At the earliest possible stage, the supervisor and student should meet and agree on an approach to the management of the dissertation. Please remember that it is your responsibility to make the initial contact with your supervisor, to keep to your timetabled plan of activity as closely as possible, to inform your supervisor as early as possible if this is no longer possible, and to re-negotiate an amended plan of activity to which you will be able to keep.
Please contact your supervisor via your student account only. Your supervisor will attempt to respond to your email within 2 working days. Saturdays and Sundays are not considered as working days.
The supervisor and student are expected to form an agreement based on partnership, with both parties providing inputs and having responsibilities. We are avoiding use of the term “contract” with its connotations of terms and conditions, and remedies for non-performance or compliance. However, some supervisors may wish to formalise the agreement in writing, and this agreement could cover issues such as:
The role of dissertation tutors is supervisory (they are not tutors). They are not there to complete the project for you, but to give advice and encouragement. In particular they may be able to steer you away from unprofitable areas or research, or to give suggestions for directing a project into more fruitful areas. Supervisors can be useful for discussing methodological issues, and for making the conceptual leaps into other academic areas. If you have a supervisor with specialist subject knowledge, use this for supplementing your own background reading. You should also be prepared to be directed in your work.

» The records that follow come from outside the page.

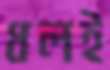
ধলই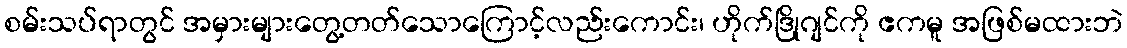
စမ်းသပ်ရာတွင် အမှားများတွေ့တတ်သောကြောင့်လည်းကောင်း၊ ဟိုက်ဒြိုဂျင်ကို ဧကမူ အဖြစ်မထားဘဲ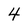
Character: 4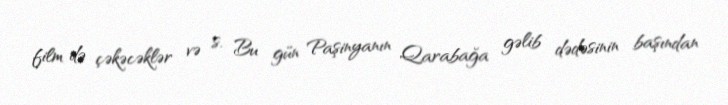
film də çəkəcəklər və s. Bu gün Paşinyanın Qarabağa gəlib dədəsinin başından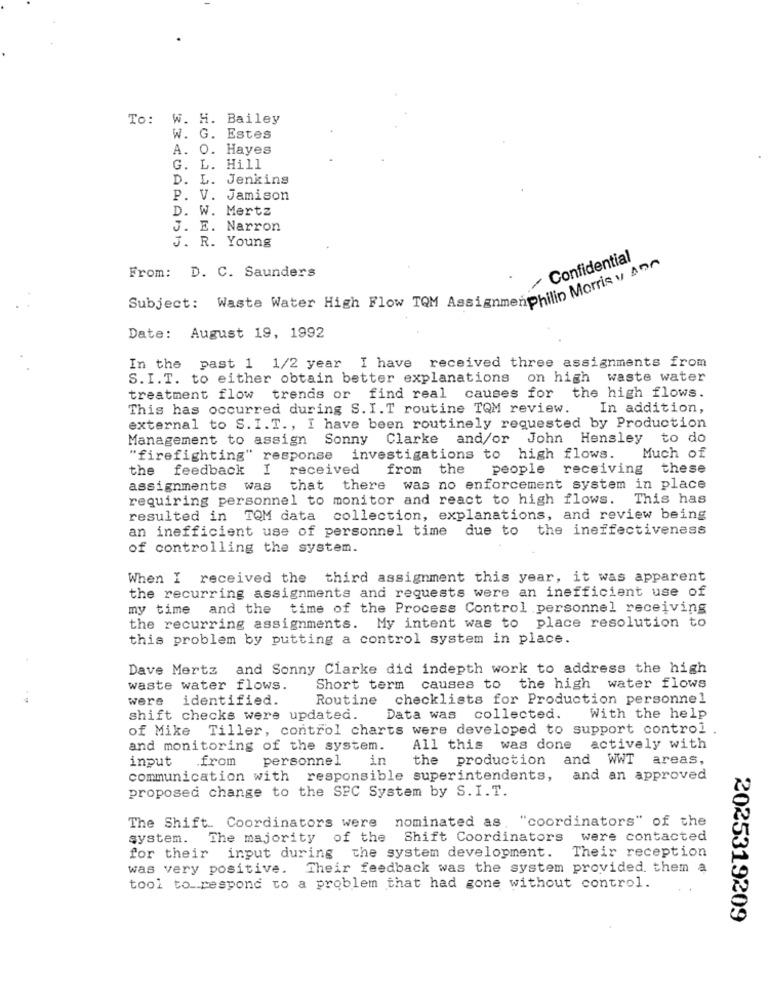
To: W. H. Bailey
W. G. Estes
A. O. Hayes
G. L. Hill
D. L. Jenkins
P. V. Jamison
D. W. Mertz
J. E. Narron
J. R. Young
/ Confidential
From: D. C. Saunders
Subject: Waste Water High Flow TQM Assignmentbilin Morris v Dar
Date: August 19, 1992
In the past 1 1/2 year I have received three assignments from
S. I.T. to either obtain better explanations on high waste water
treatment flow trends or find real causes for the high flows.
This has occurred during S. I.T routine TQM review.
In addition,
external to S. I.T ., I have been routinely requested by Production
Management to assign Sonny Clarke and/or John Hensley to do
"firefighting" response investigations to high flows.
Much of
the feedback I received from the
people receiving these
assignments was that there was no enforcement system in place
requiring personnel to monitor and react to high flows.
This has
resulted in TQM data collection, explanations, and review being
an inefficient use of personnel time due to the ineffectiveness
of controlling the system.
When I received the third assignment this year, it was apparent
the recurring assignments and requests were an inefficient use of
my time and the time of the Process Control personnel receiving
the recurring assignments. My intent was to place resolution to
this problem by putting a control system in place.
Dave Mertza
and Sonny Clarke did indepth work to address the high
waste water flows.
Short term causes to the high water flows
.-
were
identified.
Routine checklists for Production personnel
shift checks were updated.
Data was collected.
With the help
of Mike Tiller, control charts were developed to support control
..
and monitoring of the system.
All this was done actively with
input
from
personnel
in
the production and WWT areas,
communication with responsible superintendents, and an approved
proposed change to the SPC System by S. I.T.
The Shift .. Coordinators were nominated as "coordinators" of the
system. The majority of the Shift Coordinators
were contacted
for their input during the system development.
Their reception
was very positive. Their feedback was the system provided. them a
tool to respond to a problem that had gone without control.
2025319209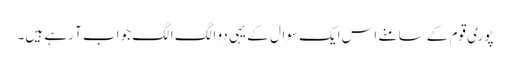
پوری قوم کے سامنے اس ایک سوال کے یہی دو الگ الگ جواب آ رہے ہیں۔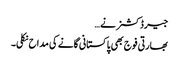
جیرڈ کشنر نے …
بھارتی فوج بھی پاکستانی گانے کی مداح نکلی۔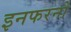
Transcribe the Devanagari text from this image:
इनफरनो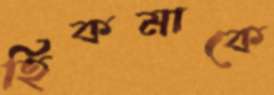
হিকমাকে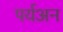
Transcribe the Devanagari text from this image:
पर्यअन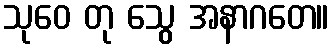
သုဝေ တု သွေ အနာဂတေ။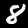
Digit: 8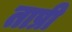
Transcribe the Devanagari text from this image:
ताप्री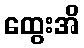
ထွေးအိ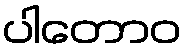
ပါတောဝ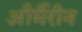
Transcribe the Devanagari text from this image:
और्मैरीन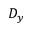
D _ { y }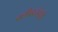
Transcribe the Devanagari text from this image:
क्लीव्हलंडची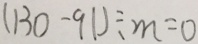
( 1 3 0 - 9 1 ) \div m = 0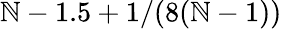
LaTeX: \mathbb{N}-1.5+1/(8(\mathbb{N}-1))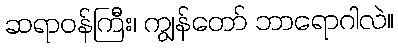
ဆရာဝန်ကြီး၊ ကျွန်တော် ဘာရောဂါလဲ။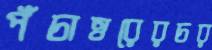
পঁচাত্তরেরচর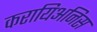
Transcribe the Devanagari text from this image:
करायिअनिस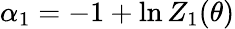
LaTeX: \alpha_{1}=-1+\ln Z_{1}(\theta)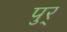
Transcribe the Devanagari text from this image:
पुर्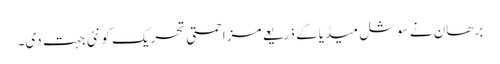
برھان نے سوشل میڈیا کے ذریعے مزاحمتی تحریک کو نئی جہت دی۔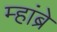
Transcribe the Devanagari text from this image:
म्हांब्रे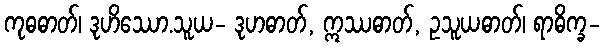
ကုဓဓာတ်၊ ဒုဟိဿော.သူယ- ဒုဟဓာတ်, ဣဿဓာတ်, ဥသူယဓာတ်၊ ရာဓိက္ခ-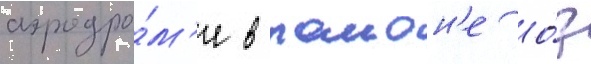
аэродро́м'е в раион'е о́з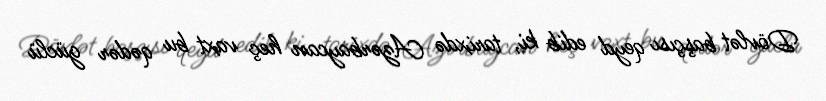
Dövlət başçısı qeyd edib ki, tarixdə Azərbaycan heç vaxt bu qədər güclü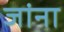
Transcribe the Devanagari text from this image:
जांना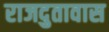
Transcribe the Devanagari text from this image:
राजदुतावास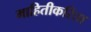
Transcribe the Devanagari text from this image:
माहितीकरिता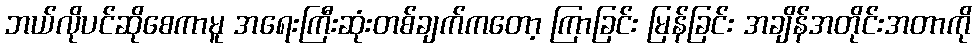
ဘယ်လိုပင်ဆိုစေကာမူ အရေးကြီးဆုံးတစ်ချက်ကတော့ ကြာခြင်း မြန်ခြင်း အချိန်အတိုင်းအတာကို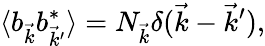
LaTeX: \langle b_{\vec{k}}b_{\vec{k}^{\prime}}^{*}\rangle=N_{\vec{k}}\delta(\vec{k}-\vec{k}^{\prime}),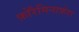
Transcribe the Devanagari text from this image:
फ़ोरैमिनाफ़ेरा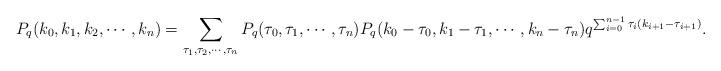
LaTeX: \begin{align*}P_q(k_0,k_1,k_2,\cdots, k_n)=\sum_{\tau_1,\tau_2,\cdots,\tau_n}P_q(\tau_0,\tau_1,\cdots,\tau_n)P_q(k_0-\tau_0,k_1-\tau_1,\cdots,k_n-\tau_n)q^{\sum_{i=0}^{n-1}\tau_i(k_{i+1}-\tau_{i+1})}.\end{align*}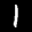
Label: 1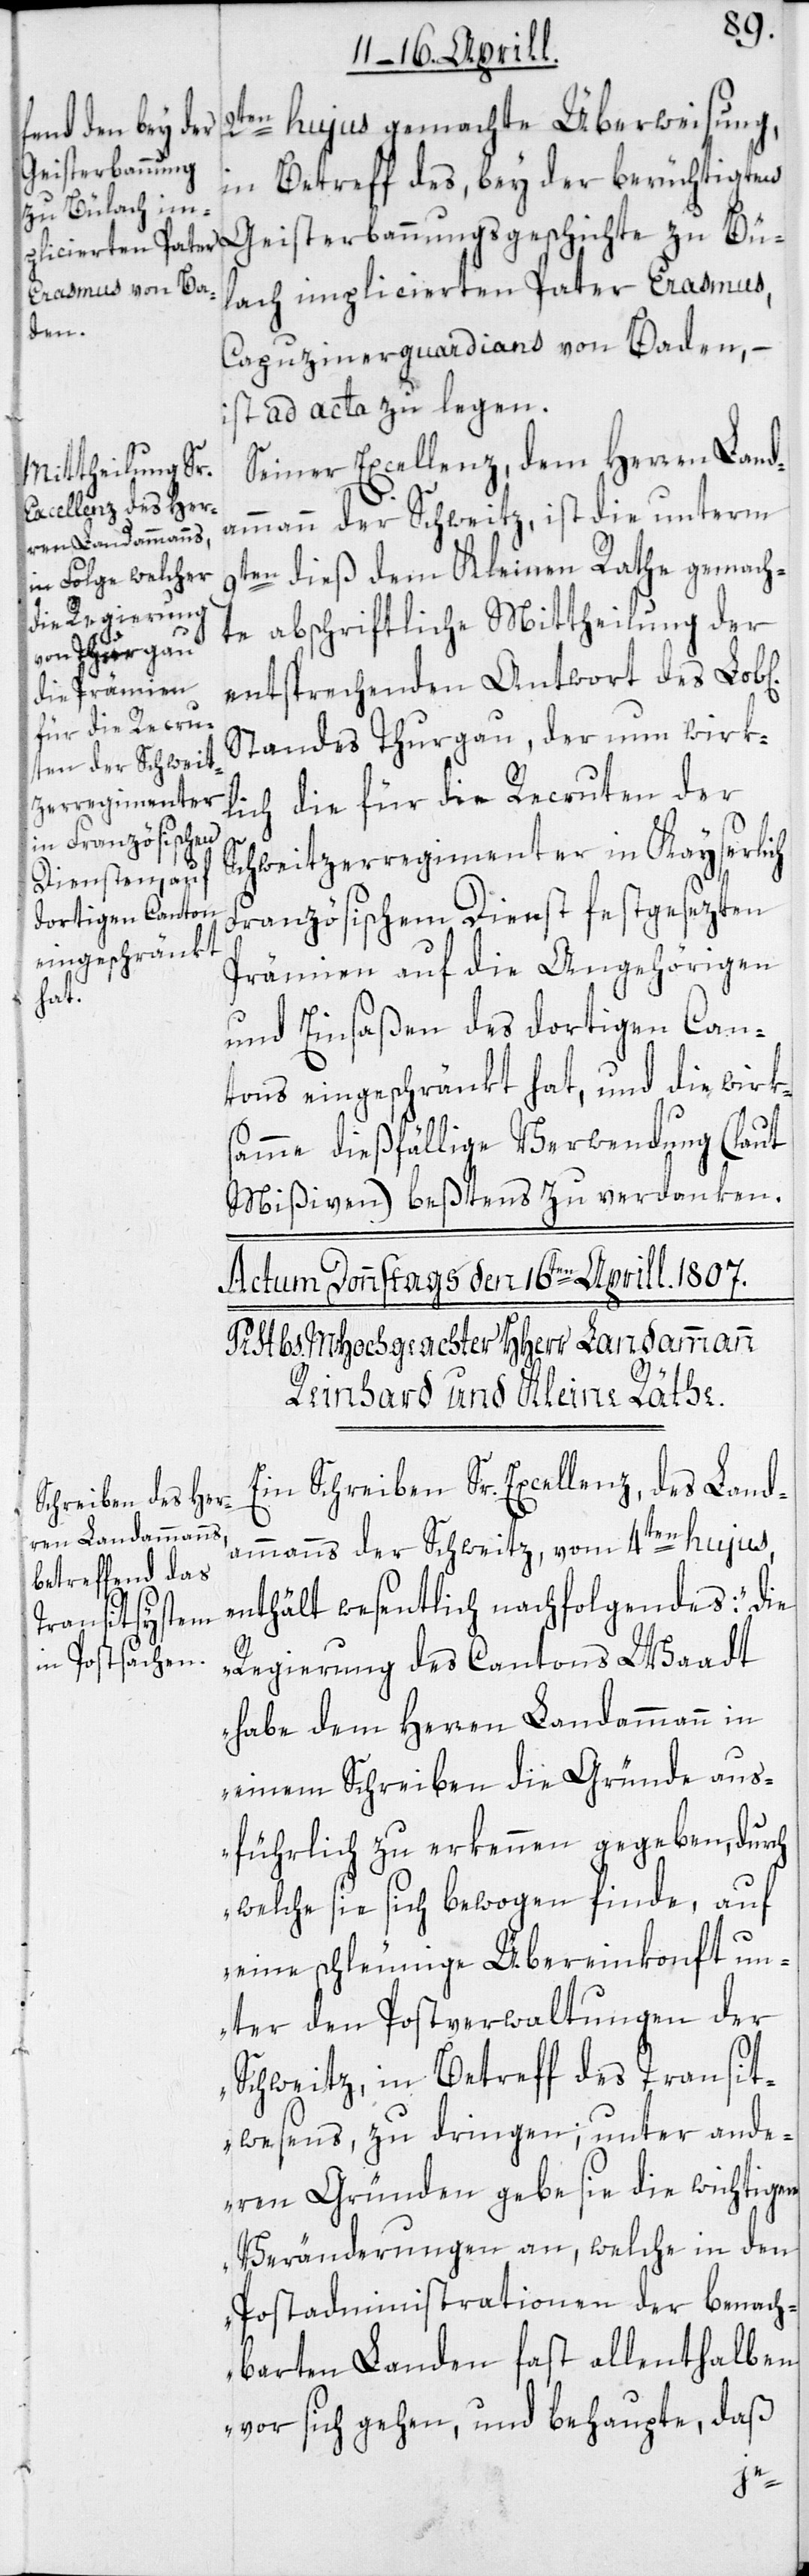
2ten hujus gemachte Überweisung,
in Betreff des, bey der berüchtigten
Geisterbannungsgeschichte zu Bül¬
ach implicierten Pater Erasmus,
Capuzinerguardians von Baden, –
ist ad acta zu legen.
Seiner Excellenz, dem Herren Land¬
ammann der Schweitz, ist die unterm
9ten dieß dem Kleinen Rathe gemach¬
te abschriftliche Mittheilung der
entsprechenden Antwort des Lob[l¬
Standes Thurgau, der nun wirk¬
lich die für die Recruten der
Schweitzerregimenter in Kayserlich
Französischem Dienst festgesezten
Prämien auf die Angehörigen
und Einsaßen des dortigen Can¬
tons eingeschränkt hat, und die wirk¬
samme dießfällige Verwendung (laut
Mißiven) beßtens zu verdanken.
Ein Schreiben Sr. Excellenz, des Land¬
ammanns der Schweitz, vom 4ten hujus,
enthält wesentlich nachfolgendes: „Die
Regierung des Cantons Waadt
habe dem Herren Landammann in
einem Schreiben die Gründe aus¬
führlich zu erkennen gegeben, durch
welche sie sich bewogen finde, auf
eine schleunige Übereinkonft un¬
ter den Postverwaltungen der
Schweitz, in Betreff des Transit¬
wesens, zu dringen; unter ande¬
ren Gründen gebe sie die wichtigen
Veränderungen an, welche in den
Postadministrationen der benach¬
barten Landen fast allenthalben
vor sich gehen, und behaupte, daß
ichen]

Remember that the dissertation should be regarded as a self-managed study programme. It needs to be clear that it is original, that you have taken some initial ideas and developed them yourself. Your supervisor's input should therefore be minimal. Although the dissertation is a self-managed project you can look for supervisor input in terms of specialist subject knowledge and methodology. Talk through the details contained in your research proposal with your supervisor in the initial stages and refine your proposal as necessary. In fact you should expect to see far more input from your supervisor in the earlier stages than later - a well-structured piece of research (one that has been clearly thought through) should progress smoothly with minimal supervision.
You are looking for feedback on your work –supervisors make suggestions on how they feel it could be improved. So when you revise the work it is a good idea to implement these suggestions – all of them. Otherwise the supervisors feel that they are wasting their time with you. If you feel you can’t make the changes or disagree with them, then explain why.
This is a self-managed project. Don’t just send off a draft of a chapter and then wait around until you have some feedback on it; move onto the next chapter and then revise the earlier one when the comments come back. Waiting for feedback is usually an excuse for not progressing.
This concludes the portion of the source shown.